It's early 1966 in Los Angeles, at the dawn of the age of Aquarius. For almost a year, The Byrds were America's very own Beatles, having defined the folk-rock genre and now in the middle of pioneering psychedelic 'raga-rock', an all-purpose moniker that they hung their newly drone-filled, harmony laced inventions on; defined by “Eight Miles High”. For a brief moment, too, their slightly less complicated yet unmistakable and equally progressive harmony clusters had even eclipsed the Beach Boys themselves. The Mamas & The Papas, Love, The Turtles and Buffalo Springfield among others were defining the new, hip musical sensibility. Yet in the middle of all of this, Brian Wilson and the Beach Boys stood the tallest. They were in the midst of their classic phase, completing Pet Sounds and almost always mentioned in the same breath as the Beatles and the Stones.
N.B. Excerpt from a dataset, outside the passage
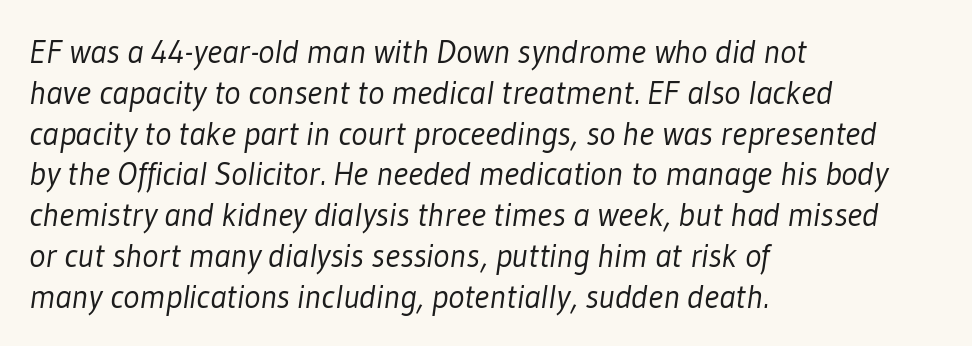
A bare baseline throughout the passage. No heavy texture on the line: the type isn't bold. The line texture is even and compact thanks to regular tracking. Nothing sits at the stroke ends, so this counts as sans-serif. Character widths vary here, with narrow letters taking less room than wide ones.

Regularly at the top of best-of pop/rock albums (usually alternating with Sgt. Peppers…), this record, a masterpiece of melancholy, quietly spoke to a generation of young people whose heads were being turned a little too quickly by the hip ethos of the day, and of course, by young romance. It was art, it was personal to Brian Wilson, but the groups' label, Capitol, didn't quite get it…not to mention some of the Beach Boys. Mike Love called it “Brian's ego music” and warned him “not to fuck with the formula.” This was a problem, and would only get worse… especially because where Brian was headed, there was no “formula”. It also didn't quite burn up the charts as fast as previous Beach Boys records, and it's top-10 showing was somehow disappointing to Capitol, so much so that they released a 'Greatest Hits' collection within a couple of months to cover their backs. This was the beginning of the lack of support.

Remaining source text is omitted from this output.